Here are some ways to incorporate footwork and fitness into your solo sessions.
High-intensity ghosting (speed and stamina)
One approach is to use ghosting to build explosiveness and endurance. After you have done some hitting drills, challenge yourself to a burst of fast ghosting. For example, set a timer for 60 seconds and see how many ghosts (round trips from T to a corner and back) you can do in that time. Or pick a number, say 20 ghosts, and time how long it takes you to complete them, then try to beat that time next session.
When doing speed ghosting, make it random. Do not always go front-right, then front-left in a predictable pattern. You want to mimic a real rally where you have no idea which corner the next ball is going to. One trick is to mentally assign numbers to six positions (front right, front left, back right, back left, plus mid-right wall and mid-left wall to simulate volley interceptions) and either have a friend call numbers or use an app that calls random corners.
That forces you to react and push off in all directions unpredictably, which is how squash works. Include those mid-court side movements, stepping out to volley positions, as additional corners, so you are ghosting to six points around you, not just four. These lateral ghosts replicate moving to cut off a ball on the volley.
Keep your intensity high during these drills; they should get you winded. If you do 3 or 4 sets of 1-minute all-out ghosting with a minute of rest in between, you will get a squash-specific cardio workout that your legs will feel. Just be cautious not to overdo it, since speed ghosting is tough and doing too much in one go can lead to bad form or injury.
Start with shorter bursts, such as 30 seconds fast ghosting and 30 seconds rest for a few rounds, and build up as your fitness improves. Over time, this training makes you quicker on court and improves your recovery between rallies.
Slow-paced ghosting (technique and efficiency)
Footwork training is not only about raw speed; it is also about moving smoothly and efficiently. For this, try some slow, deliberate ghosting drills.

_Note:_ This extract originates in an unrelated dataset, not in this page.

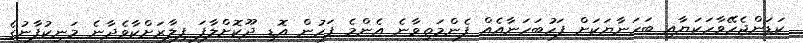
ކަޑަންޖެހޭވާހަކަޔާއި ބަހަނާޔަކަށް ފަހުބަހަނާއެއް ފެންމަތިވާނެ އެންމެ ފަހުން އޮޑި ދޫކޮށްލާފަ ފިލާރަށްކާވެދާނެ މަނިކުފާނުގެ

Instead of sprinting, move at maybe 50 percent effort in a controlled manner from corner to corner. Focus on form: stay low, keep your steps light, and execute a swing at each ghosted shot with balance.

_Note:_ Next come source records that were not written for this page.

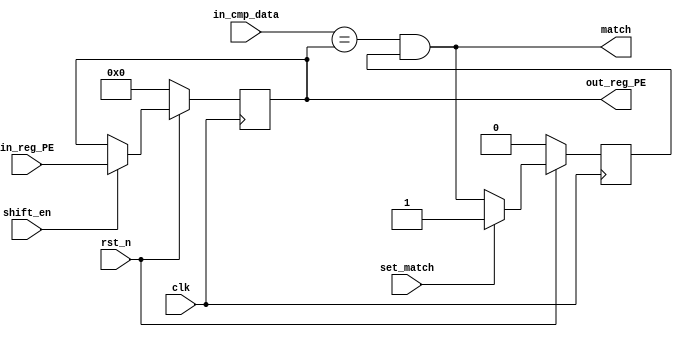
//`include "gzip_pkg.v"
//import gzip_pkg::*;

module reg_PE
   #(
    parameter DATA_WIDTH = 8
    )
    (
    // Module inputs
	input clk,
	input rst_n,
	input [DATA_WIDTH-1:0] in_reg_PE,
    input [DATA_WIDTH-1:0] in_cmp_data,
    input shift_en,
	input set_match,

	// Module outputs
	output reg [DATA_WIDTH-1:0] out_reg_PE,
    output match
    );

	// Combinational logic
	wire compare_result;
	
	// Registers
    reg match_ff;
	
	// This registers copies the input data if shift_en is set
    always @(posedge clk)
        if (!rst_n)        out_reg_PE[DATA_WIDTH-1:0] <= 8'b0;
        else if (shift_en) out_reg_PE[DATA_WIDTH-1:0] <= in_reg_PE[DATA_WIDTH-1:0];

	// This element creates the match signal. If the compare data equals the input data and if the output_en is 0 
	assign compare_result = (in_cmp_data == out_reg_PE);
	
    always @(posedge clk)
        if (!rst_n)          match_ff <= 0;
	    else if (set_match)  match_ff <= 1;
		else                 match_ff <= match;  // hold the value of the previous match result
		
	assign match = compare_result & match_ff;
	 
endmodule

Use those cones or markers to indicate where you would ideally hit the ball, and step right to that spot each time. For instance, place a marker where the ball would bounce in a back corner and practice getting all the way back and down to that spot, racquet prep early, then ghost a swing and come back to the T.
This slow ghosting is good for ingraining proper movement fundamentals. You can think about your split-step timing (do a small hop on the T just as you imagine your opponent hitting, then move into the corner), or whether you are taking the optimal number of steps to reach a ball, or which leg you are lunging with on certain shots. By slowing down, you give yourself time to analyze and adjust your footwork patterns. It is like a dancer practicing choreography in slow motion before speeding it up.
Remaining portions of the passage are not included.